What are you listening to?
I’m not talking about what you can hear at the moment, though if I pause the light tapping of my fingers on the keyboard for a moment, I can hear a number of things: a far-off mower, Frank opening the back door, a plane’s distant rumble, the furnace–which was not running all this frigid morning, but hoorah for “essential services!” is now fixed–kicks on. I’ll be hearing the warm air blowing through the vents soon. Yup. There’s more to hear in any moment than we can pay attention to at once, our brain effectively shutting out what it deems non-essential in any given situation.
What I am talking about is not just the act of listening, of intentionally paying attention to the ambient sounds that surround us, but instead the choice to listen to a specific source of sound. Like Elton John, above. He’s clearly chosen to listen to something in those headphones, and that’s all he appears to be doing. He’s not also reading a book. He’s not looking at his phone that hasn’t been invented yet. He’s not knitting. Not clipping his nails, eating lunch, or any of the other things we typically do while wearing earbuds. He’s tuning in.
What are you tuning in to? Too much news? Your favorite outlet running nonstop in the background forming a sort of soundtrack for the day?
Listening can be a useful practice during these days of isolation and alarming local, national, and global developments. It can be something to do vs. not to do. How much easier and possibly more rewarding is it to choose to listen to something than it is to be told not to pay attention to something that’s already hard to turn our attention from?

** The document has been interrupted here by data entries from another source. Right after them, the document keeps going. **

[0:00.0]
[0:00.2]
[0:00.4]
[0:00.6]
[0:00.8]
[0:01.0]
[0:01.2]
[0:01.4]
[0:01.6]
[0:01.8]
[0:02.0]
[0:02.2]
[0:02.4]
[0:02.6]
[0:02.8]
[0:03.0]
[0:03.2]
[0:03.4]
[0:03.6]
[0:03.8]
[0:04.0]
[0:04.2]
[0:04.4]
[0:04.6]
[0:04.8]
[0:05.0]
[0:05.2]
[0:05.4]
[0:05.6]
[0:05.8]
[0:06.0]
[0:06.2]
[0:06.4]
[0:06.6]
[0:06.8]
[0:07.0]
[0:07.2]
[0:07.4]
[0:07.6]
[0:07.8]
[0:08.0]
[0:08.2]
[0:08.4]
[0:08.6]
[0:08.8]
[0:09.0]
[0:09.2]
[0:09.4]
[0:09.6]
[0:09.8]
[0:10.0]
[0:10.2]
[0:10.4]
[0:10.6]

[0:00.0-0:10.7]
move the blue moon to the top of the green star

Listening can offer a way to fill not only time, if you have it, but also to fill, even quiet the mind.
Start with this article in the Los Angeles Times that discusses the joys of this kind of attentive listening to music, probably music you’ve collected yourself, devoting some chunk of time in which you simply listen to it. Deep listening, they call it, and offer some inspiration to get you started, from the Staten Island rapper Ghostface Killah to Miles Davis. It could be a perfect time to revisit your old albums, tapes, or CD’s allowing yourself to be transported to another mental time and place.

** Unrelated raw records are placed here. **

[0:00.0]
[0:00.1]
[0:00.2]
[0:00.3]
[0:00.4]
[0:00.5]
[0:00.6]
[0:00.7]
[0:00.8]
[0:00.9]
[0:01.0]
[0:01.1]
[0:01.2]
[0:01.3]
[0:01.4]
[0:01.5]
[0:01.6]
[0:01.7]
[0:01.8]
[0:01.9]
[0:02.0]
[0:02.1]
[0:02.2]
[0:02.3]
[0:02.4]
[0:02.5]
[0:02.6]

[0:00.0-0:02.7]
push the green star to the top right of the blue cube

Cellist Yo-Yo Ma offers Songs of Comfort just for the moment including this piece, Going Home, by Dvorak. If you watch the Newshour segment, you’ll be able to find out how to connect with the project. Even listening, closing your eyes and listening, to a single piece of music can break what can be at times like ours the prison of unchecked thoughts.

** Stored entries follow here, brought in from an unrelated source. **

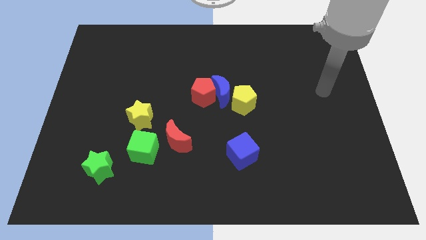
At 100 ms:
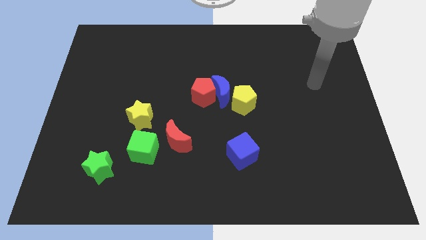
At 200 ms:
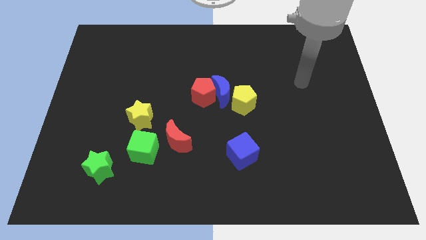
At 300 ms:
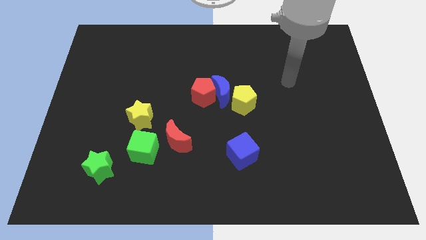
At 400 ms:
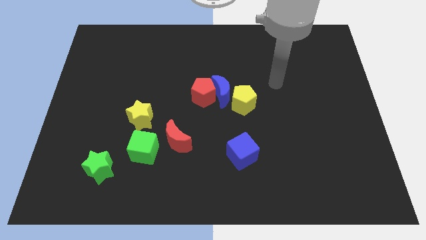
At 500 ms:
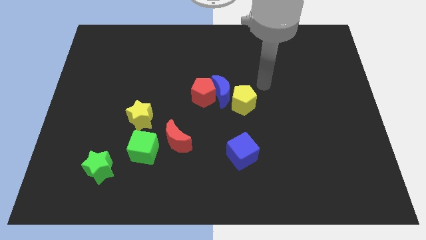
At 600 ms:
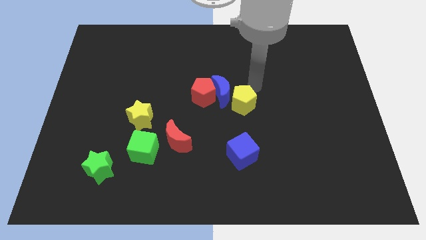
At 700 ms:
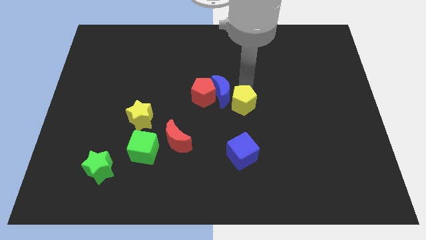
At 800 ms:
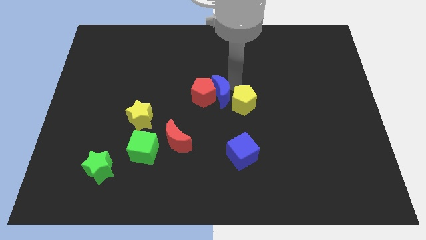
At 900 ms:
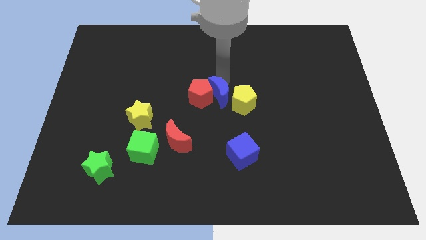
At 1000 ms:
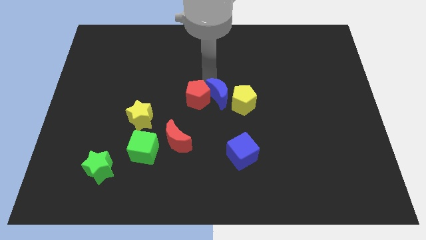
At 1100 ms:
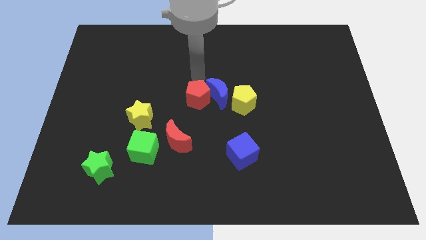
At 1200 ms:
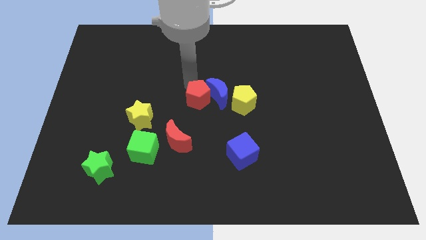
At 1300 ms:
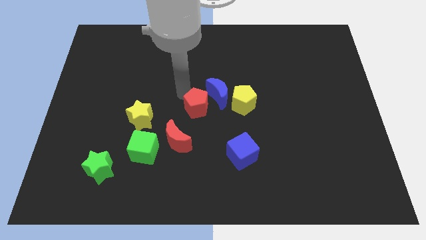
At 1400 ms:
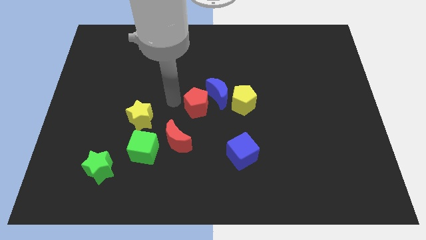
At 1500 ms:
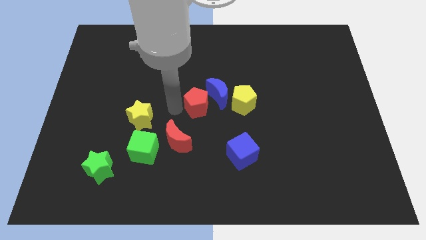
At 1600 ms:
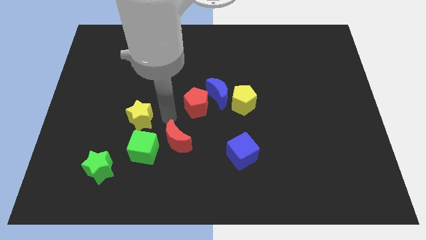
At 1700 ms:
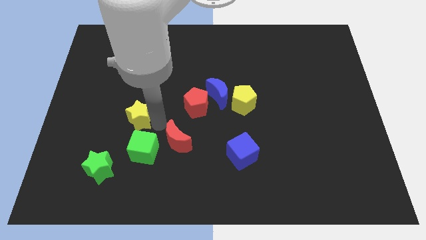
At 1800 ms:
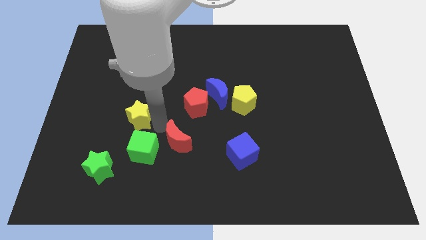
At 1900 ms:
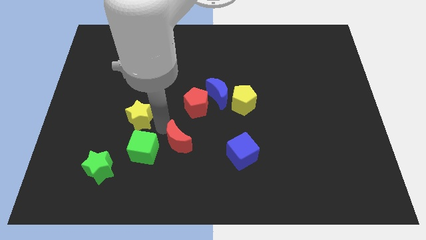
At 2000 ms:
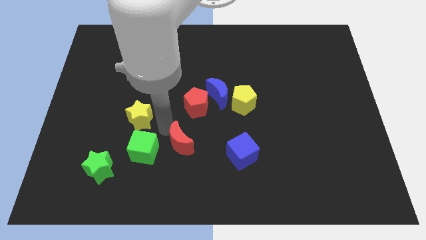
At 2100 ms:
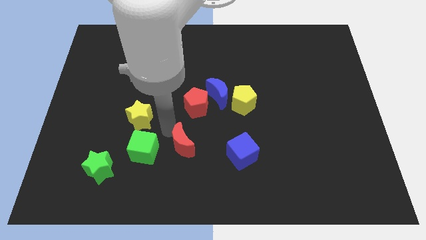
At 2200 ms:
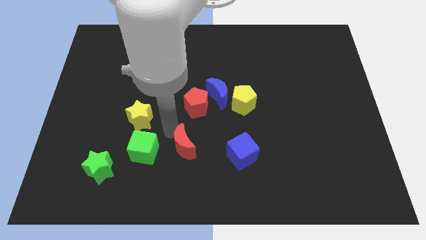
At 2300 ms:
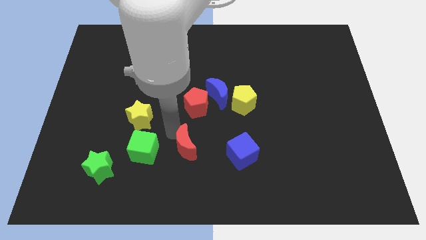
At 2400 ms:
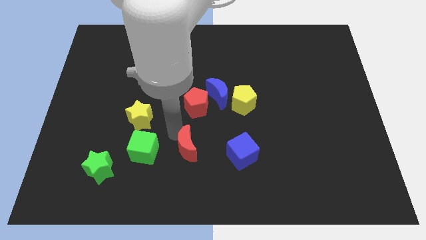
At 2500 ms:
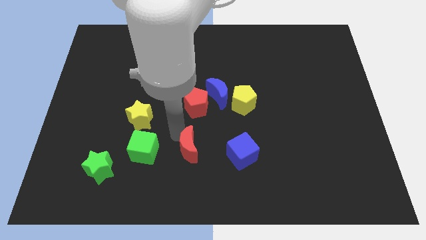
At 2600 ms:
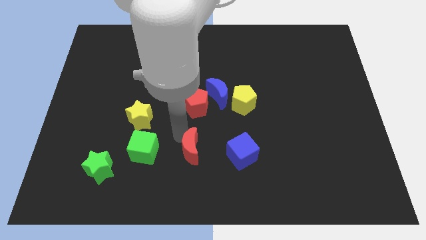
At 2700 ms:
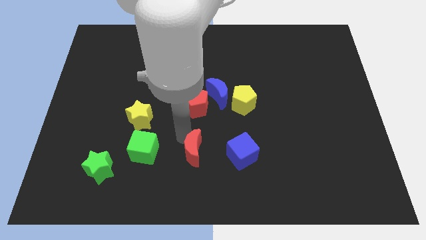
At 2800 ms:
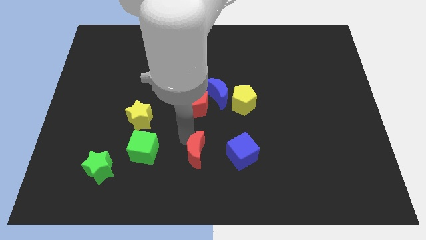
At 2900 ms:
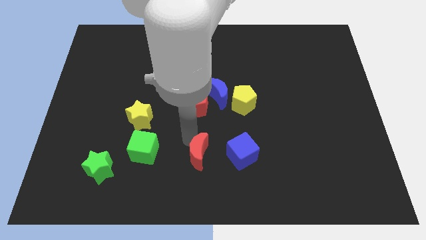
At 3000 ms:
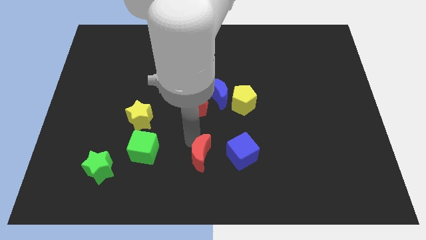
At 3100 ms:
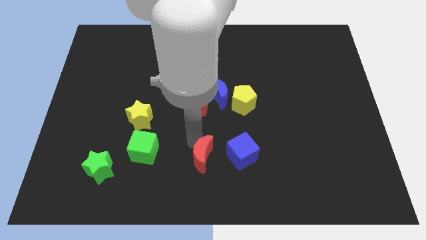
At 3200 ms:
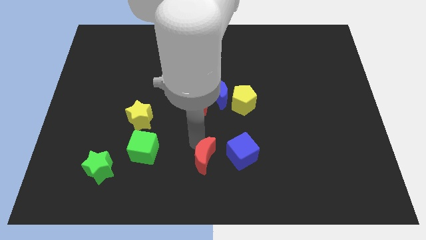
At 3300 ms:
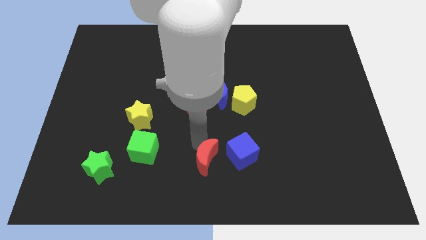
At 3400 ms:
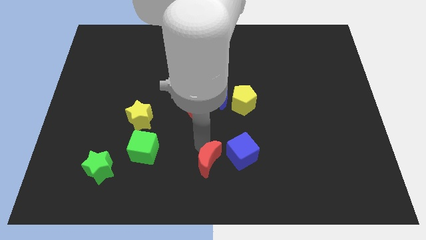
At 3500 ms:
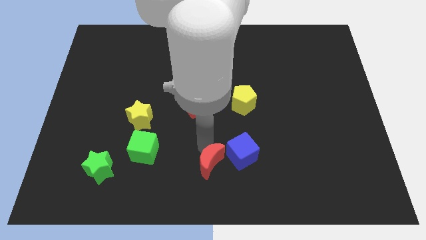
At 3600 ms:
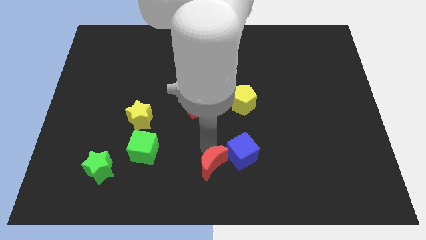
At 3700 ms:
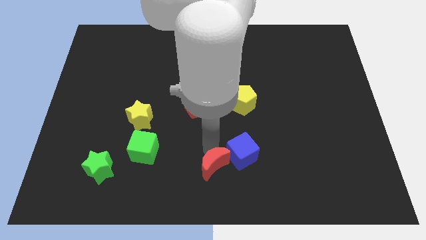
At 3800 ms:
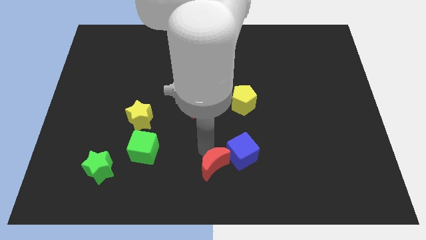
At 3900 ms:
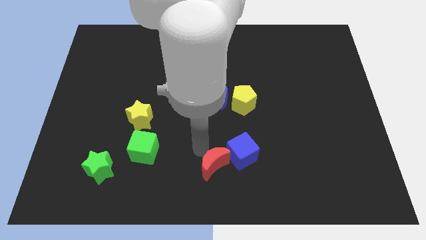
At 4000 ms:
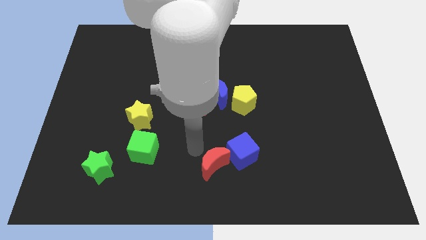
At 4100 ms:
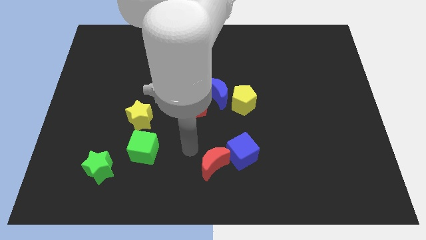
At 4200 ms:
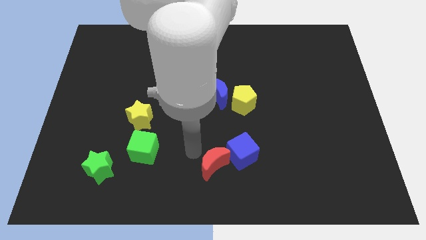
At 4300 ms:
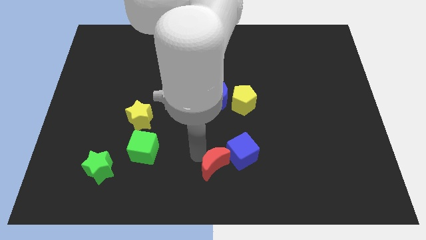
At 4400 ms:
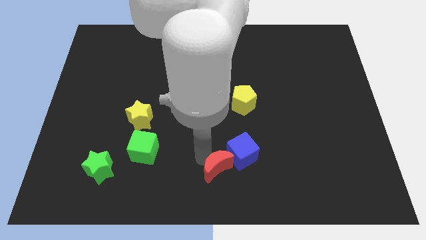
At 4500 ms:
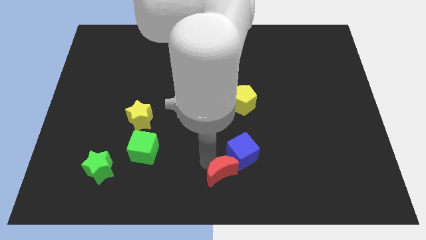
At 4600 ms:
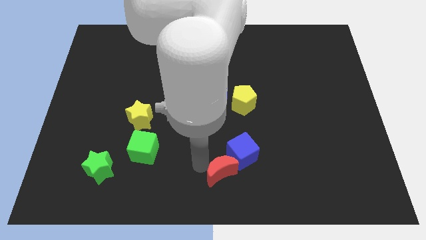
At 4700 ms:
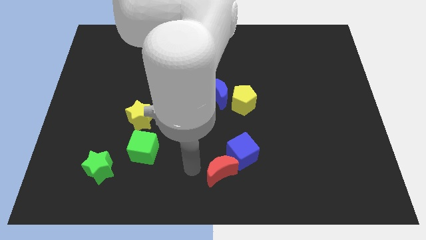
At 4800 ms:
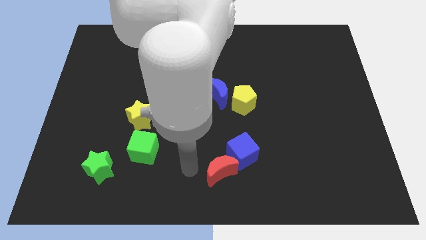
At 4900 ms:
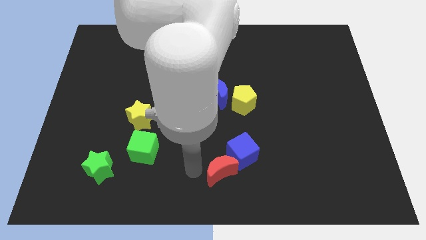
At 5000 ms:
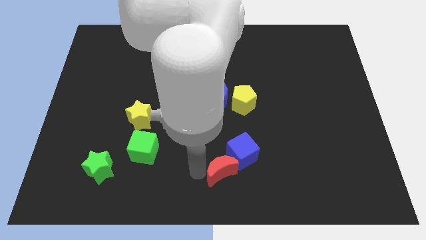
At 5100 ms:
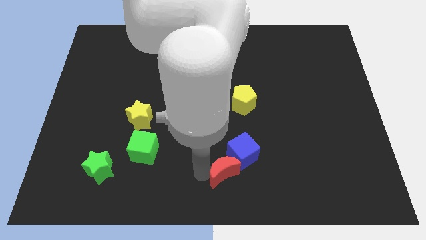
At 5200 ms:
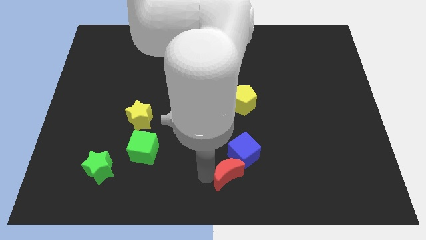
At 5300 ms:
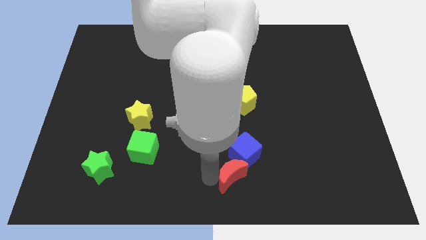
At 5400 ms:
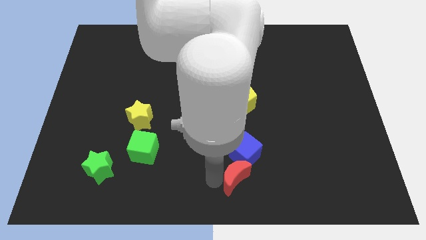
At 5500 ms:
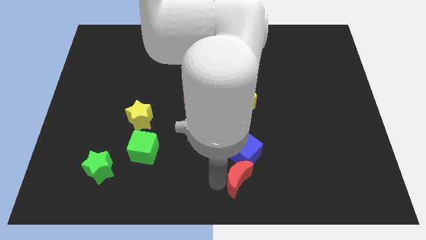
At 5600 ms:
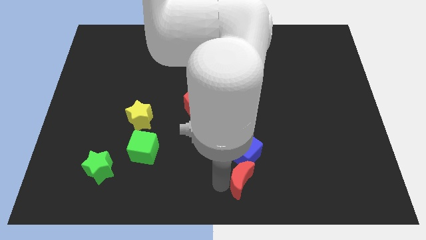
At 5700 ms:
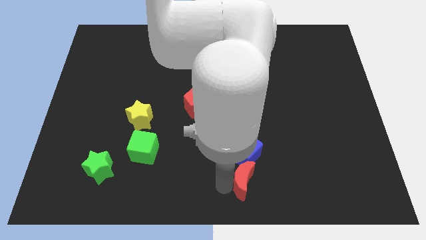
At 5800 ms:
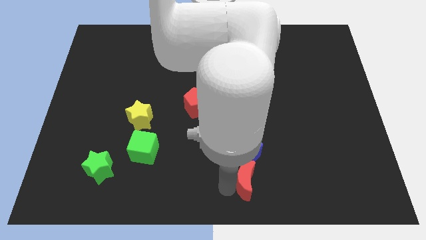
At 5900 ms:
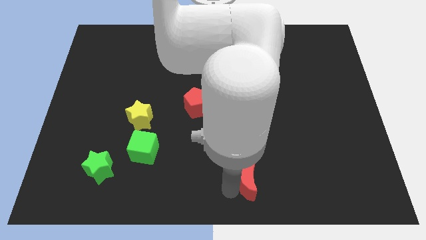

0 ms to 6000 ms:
slide the red moon diagonally down and to the right of the blue cube

What else is there to listen to? Go outside. Leave your phone. Take a pen and paper and resolve to write down everything you can hear in 5 minutes, in 15 minutes. Put your timer on. If your attention drifts, just write the next sound. Nothing earth-shattering this list, but 15 minutes of focus, relaxation, maybe peace.
Listening to your own breath in a similar fashion is the starting point for meditation. Maybe that’s a good practice to begin.
There are ways to listen less to the darker news, to panic, to fear, to helplessness. The easiest is to choose to really listen to something else. Maybe a post-it note on the bathroom mirror can help: What are you listening to? Try to be in charge of your playlist.